*** Opening The data ***

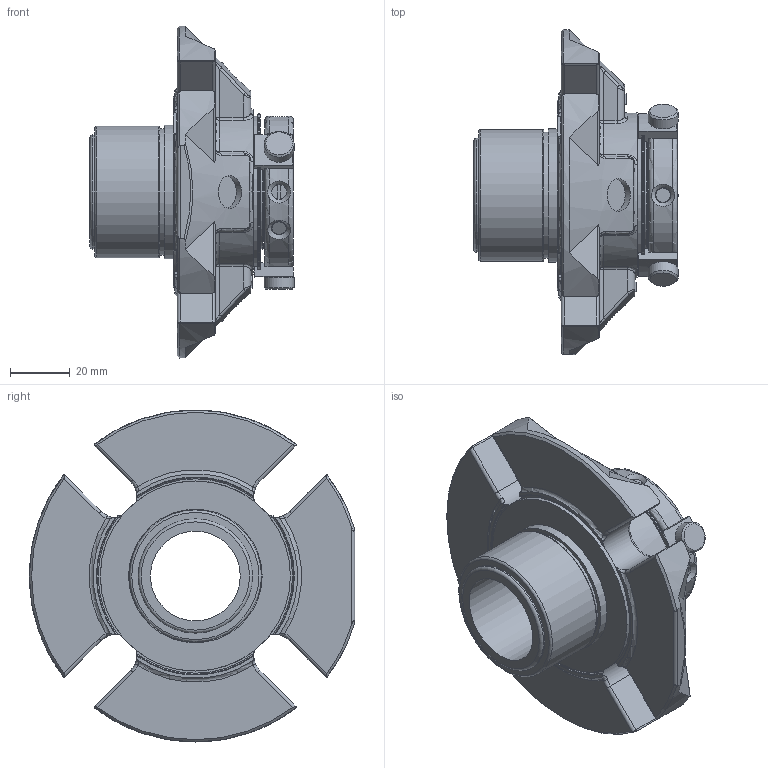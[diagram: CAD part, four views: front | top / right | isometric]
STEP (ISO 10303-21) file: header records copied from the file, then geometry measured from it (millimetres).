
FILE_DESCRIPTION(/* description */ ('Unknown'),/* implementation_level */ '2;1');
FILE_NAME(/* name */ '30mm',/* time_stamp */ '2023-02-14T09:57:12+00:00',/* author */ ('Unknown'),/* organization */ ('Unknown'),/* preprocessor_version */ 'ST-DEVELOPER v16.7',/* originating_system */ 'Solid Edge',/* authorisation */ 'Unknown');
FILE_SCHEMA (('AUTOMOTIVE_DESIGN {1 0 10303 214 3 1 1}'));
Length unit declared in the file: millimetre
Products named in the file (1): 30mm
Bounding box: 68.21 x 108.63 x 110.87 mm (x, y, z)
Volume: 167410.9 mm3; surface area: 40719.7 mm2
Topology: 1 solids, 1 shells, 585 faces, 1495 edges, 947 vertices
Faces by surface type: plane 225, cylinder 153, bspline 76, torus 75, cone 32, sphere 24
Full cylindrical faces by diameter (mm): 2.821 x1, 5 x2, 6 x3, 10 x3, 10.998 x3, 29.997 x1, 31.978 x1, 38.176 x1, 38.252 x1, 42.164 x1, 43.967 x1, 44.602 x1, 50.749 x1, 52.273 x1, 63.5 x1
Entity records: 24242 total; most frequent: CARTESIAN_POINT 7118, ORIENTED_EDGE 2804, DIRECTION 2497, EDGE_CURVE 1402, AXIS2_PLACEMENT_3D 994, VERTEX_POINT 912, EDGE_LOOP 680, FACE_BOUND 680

*** Closing The data ***

§ Your goal:
When you return the records, keep every word unchanged and drop the pictures.

§ Solution to this task:
[diagram: CAD part, four views: front | top / right | isometric]
STEP (ISO 10303-21) file: header records copied from the file, then geometry measured from it (millimetres).
FILE_DESCRIPTION(/* description */ ('Unknown'),/* implementation_level */ '2;1');
FILE_NAME(/* name */ '30mm',/* time_stamp */ '2023-02-14T09:57:12+00:00',/* author */ ('Unknown'),/* organization */ ('Unknown'),/* preprocessor_version */ 'ST-DEVELOPER v16.7',/* originating_system */ 'Solid Edge',/* authorisation */ 'Unknown');
FILE_SCHEMA (('AUTOMOTIVE_DESIGN {1 0 10303 214 3 1 1}'));
Length unit declared in the file: millimetre
Products named in the file (1): 30mm
Bounding box: 68.21 x 108.63 x 110.87 mm (x, y, z)
Volume: 167410.9 mm3; surface area: 40719.7 mm2
Topology: 1 solids, 1 shells, 585 faces, 1495 edges, 947 vertices
Faces by surface type: plane 225, cylinder 153, bspline 76, torus 75, cone 32, sphere 24
Full cylindrical faces by diameter (mm): 2.821 x1, 5 x2, 6 x3, 10 x3, 10.998 x3, 29.997 x1, 31.978 x1, 38.176 x1, 38.252 x1, 42.164 x1, 43.967 x1, 44.602 x1, 50.749 x1, 52.273 x1, 63.5 x1
Entity records: 24242 total; most frequent: CARTESIAN_POINT 7118, ORIENTED_EDGE 2804, DIRECTION 2497, EDGE_CURVE 1402, AXIS2_PLACEMENT_3D 994, VERTEX_POINT 912, EDGE_LOOP 680, FACE_BOUND 680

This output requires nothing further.